• AIM OF THE EXERCISE: Output all entries precisely and leave out the pictures.

______

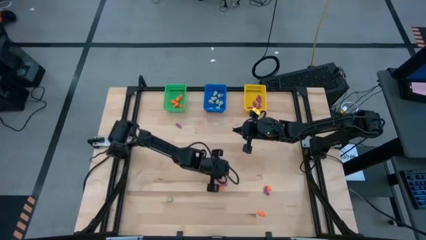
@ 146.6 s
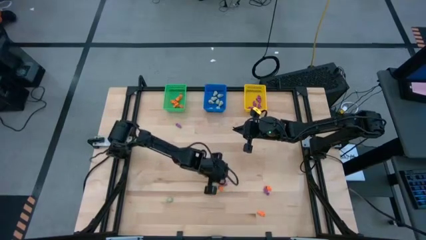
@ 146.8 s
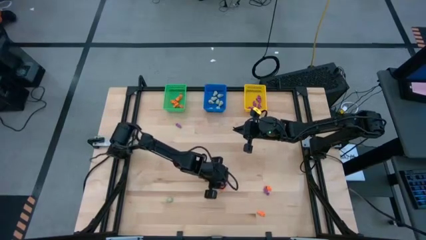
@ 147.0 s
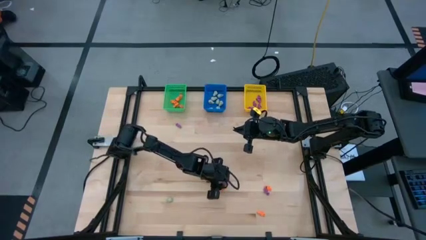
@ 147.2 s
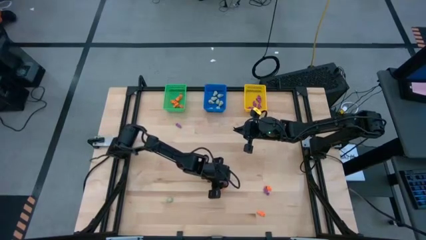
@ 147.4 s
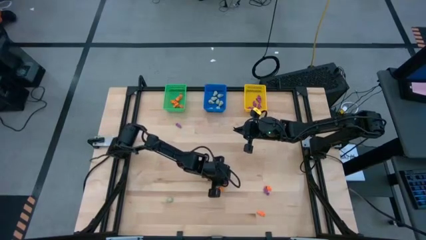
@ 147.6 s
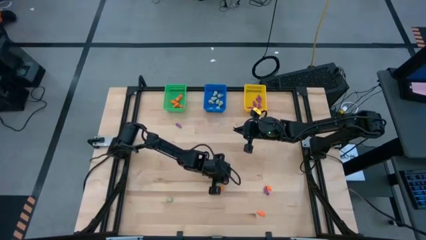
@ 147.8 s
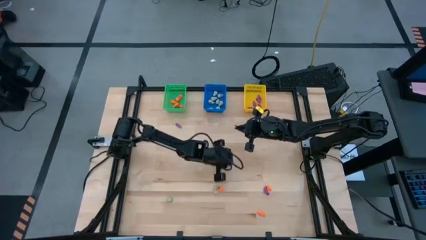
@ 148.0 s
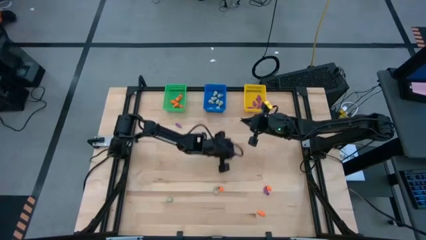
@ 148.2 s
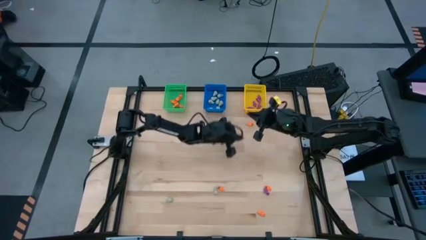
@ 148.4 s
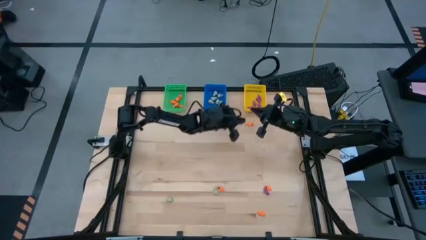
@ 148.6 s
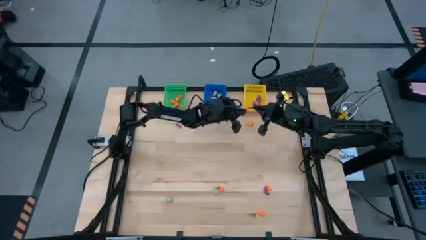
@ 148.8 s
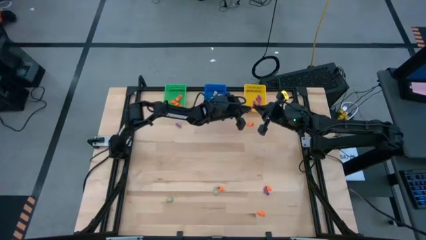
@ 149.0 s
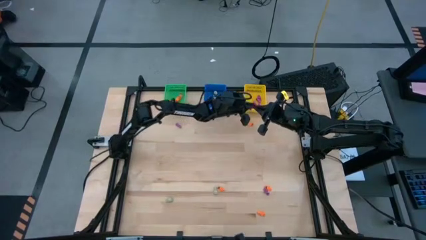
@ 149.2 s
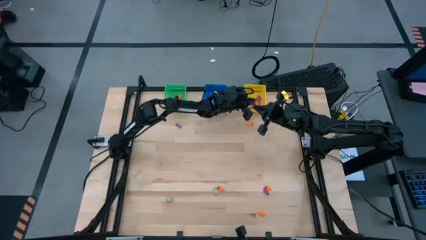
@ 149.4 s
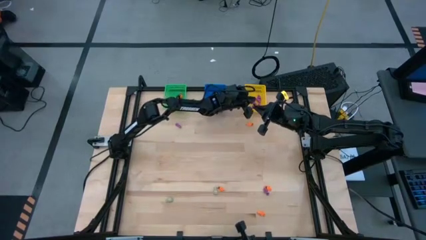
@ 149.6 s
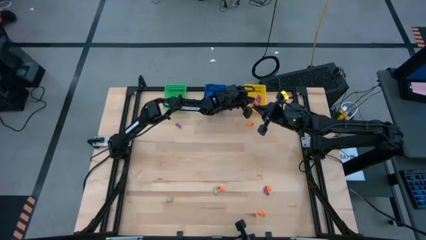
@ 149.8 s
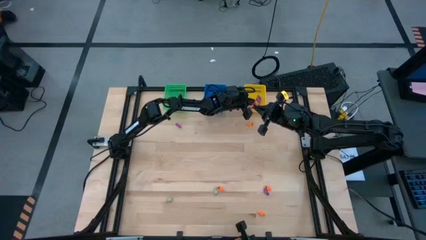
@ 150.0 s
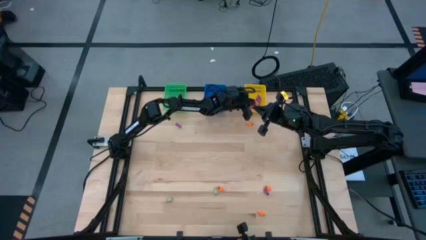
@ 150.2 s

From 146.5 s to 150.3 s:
Task: Sort Halloween decoration
Put the purple skeleton toy into the yellow bin

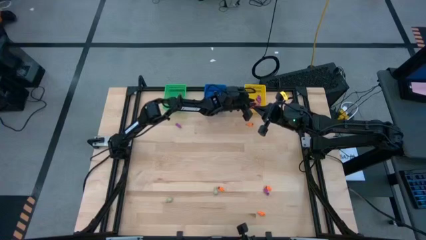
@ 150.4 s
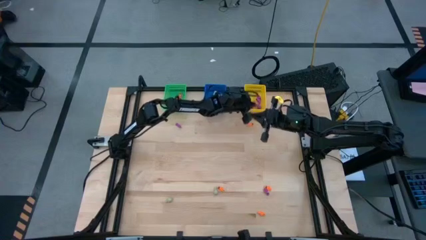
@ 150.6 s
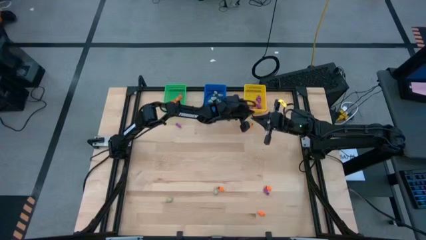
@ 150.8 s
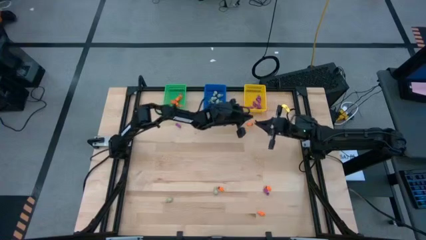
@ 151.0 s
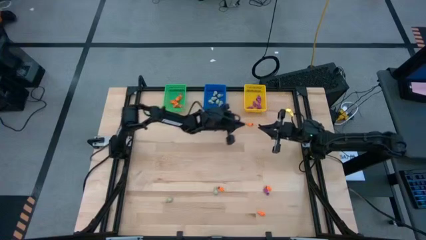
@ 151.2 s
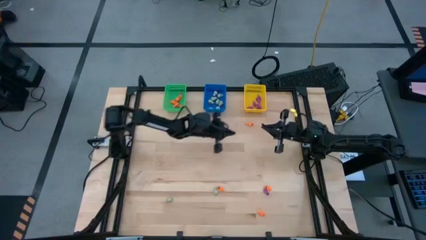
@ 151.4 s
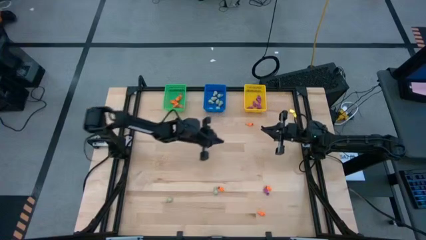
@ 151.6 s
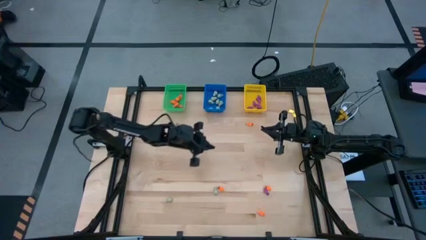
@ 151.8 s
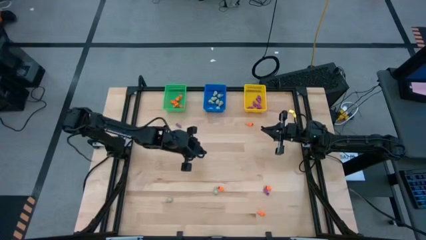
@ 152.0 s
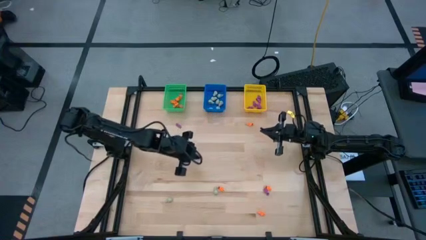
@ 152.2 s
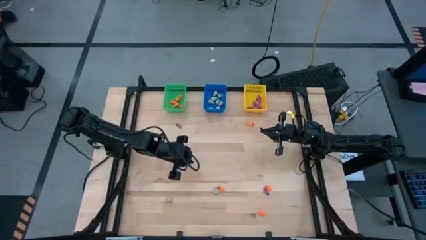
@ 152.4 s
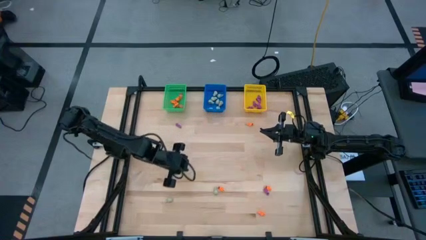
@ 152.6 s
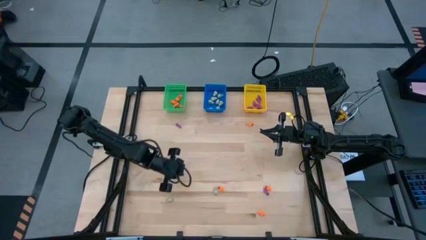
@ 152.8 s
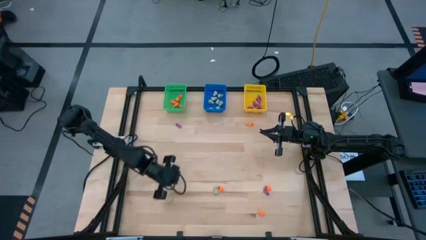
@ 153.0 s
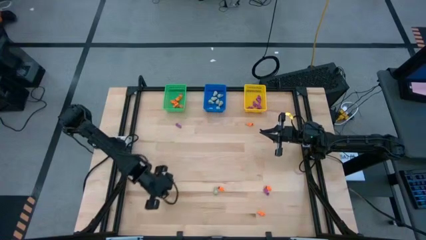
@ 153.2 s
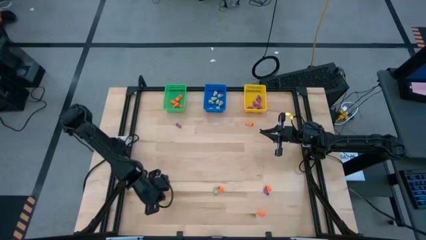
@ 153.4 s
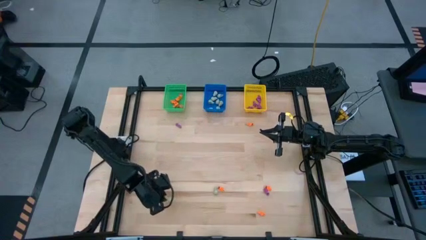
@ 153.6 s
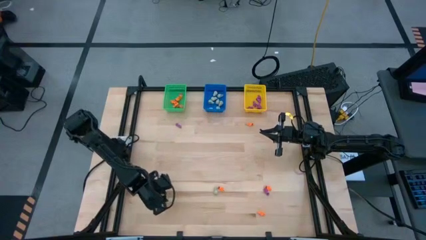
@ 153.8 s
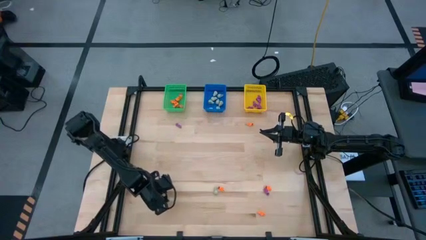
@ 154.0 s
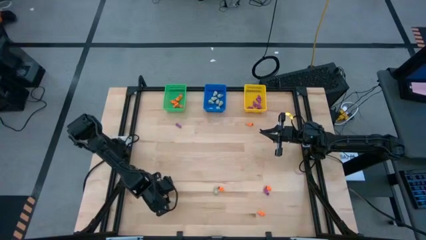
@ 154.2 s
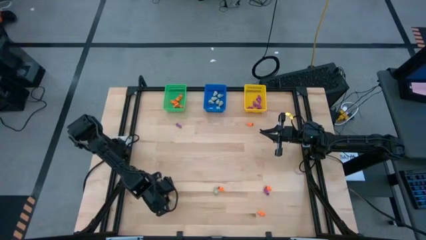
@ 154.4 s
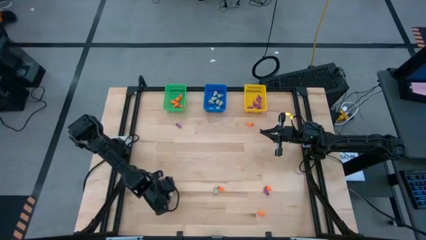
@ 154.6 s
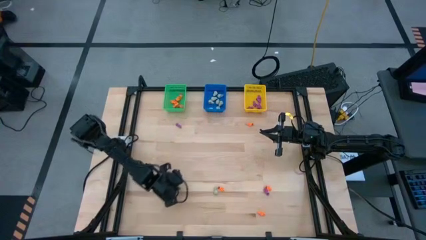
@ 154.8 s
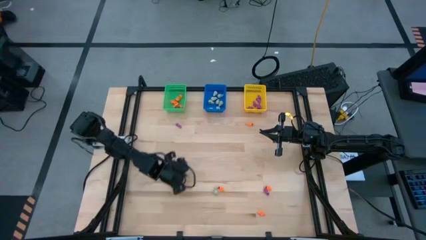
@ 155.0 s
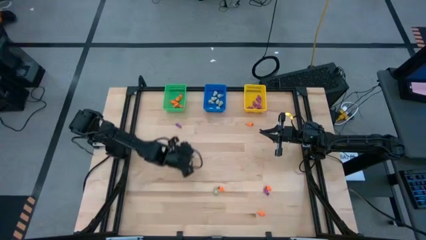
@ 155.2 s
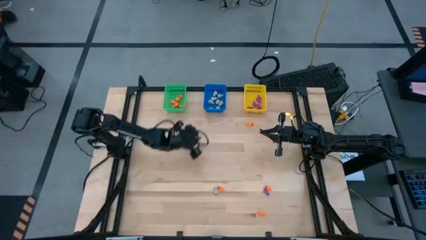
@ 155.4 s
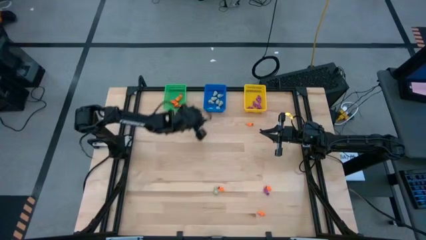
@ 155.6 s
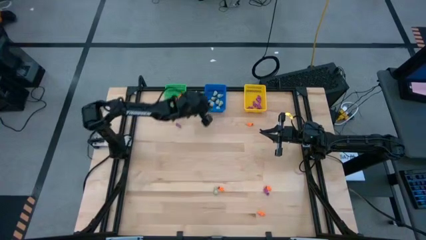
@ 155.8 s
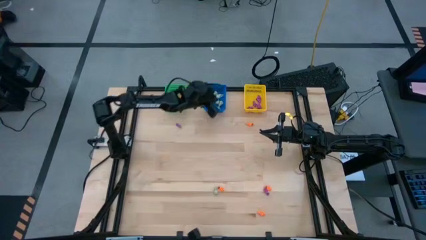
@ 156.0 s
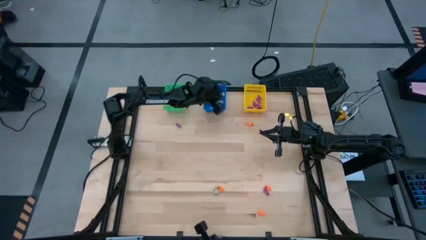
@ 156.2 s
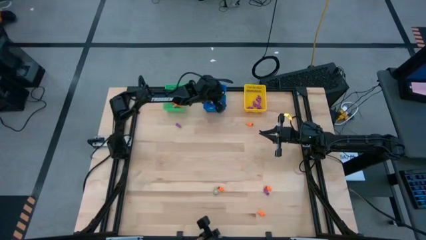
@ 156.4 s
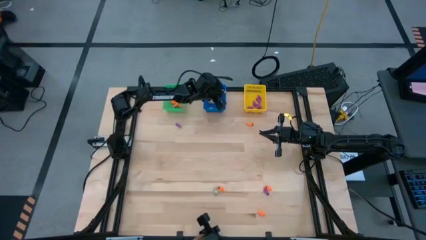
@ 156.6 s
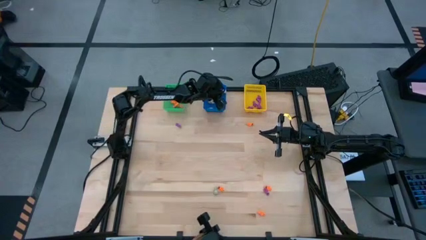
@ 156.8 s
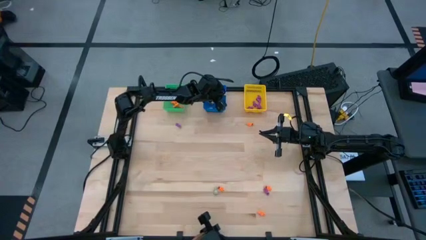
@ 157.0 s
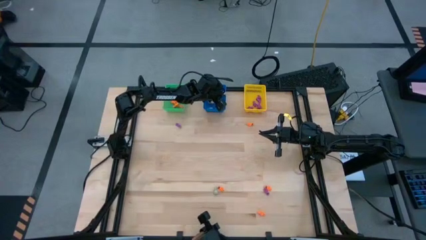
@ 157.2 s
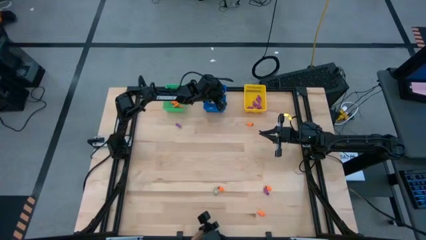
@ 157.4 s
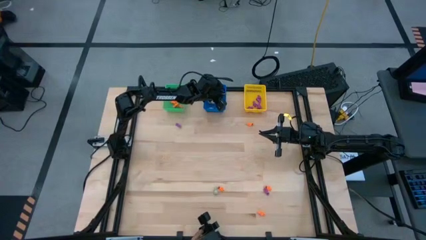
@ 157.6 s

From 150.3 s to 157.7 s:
Put the white skull toy into the blue bin

______

• ANSWER BOX:
@ 146.6 s
@ 146.8 s
@ 147.0 s
@ 147.2 s
@ 147.4 s
@ 147.6 s
@ 147.8 s
@ 148.0 s
@ 148.2 s
@ 148.4 s
@ 148.6 s
@ 148.8 s
@ 149.0 s
@ 149.2 s
@ 149.4 s
@ 149.6 s
@ 149.8 s
@ 150.0 s
@ 150.2 s

From 146.5 s to 150.3 s:
Task: Sort Halloween decoration
Put the purple skeleton toy into the yellow bin

@ 150.4 s
@ 150.6 s
@ 150.8 s
@ 151.0 s
@ 151.2 s
@ 151.4 s
@ 151.6 s
@ 151.8 s
@ 152.0 s
@ 152.2 s
@ 152.4 s
@ 152.6 s
@ 152.8 s
@ 153.0 s
@ 153.2 s
@ 153.4 s
@ 153.6 s
@ 153.8 s
@ 154.0 s
@ 154.2 s
@ 154.4 s
@ 154.6 s
@ 154.8 s
@ 155.0 s
@ 155.2 s
@ 155.4 s
@ 155.6 s
@ 155.8 s
@ 156.0 s
@ 156.2 s
@ 156.4 s
@ 156.6 s
@ 156.8 s
@ 157.0 s
@ 157.2 s
@ 157.4 s
@ 157.6 s

From 150.3 s to 157.7 s:
Put the white skull toy into the blue bin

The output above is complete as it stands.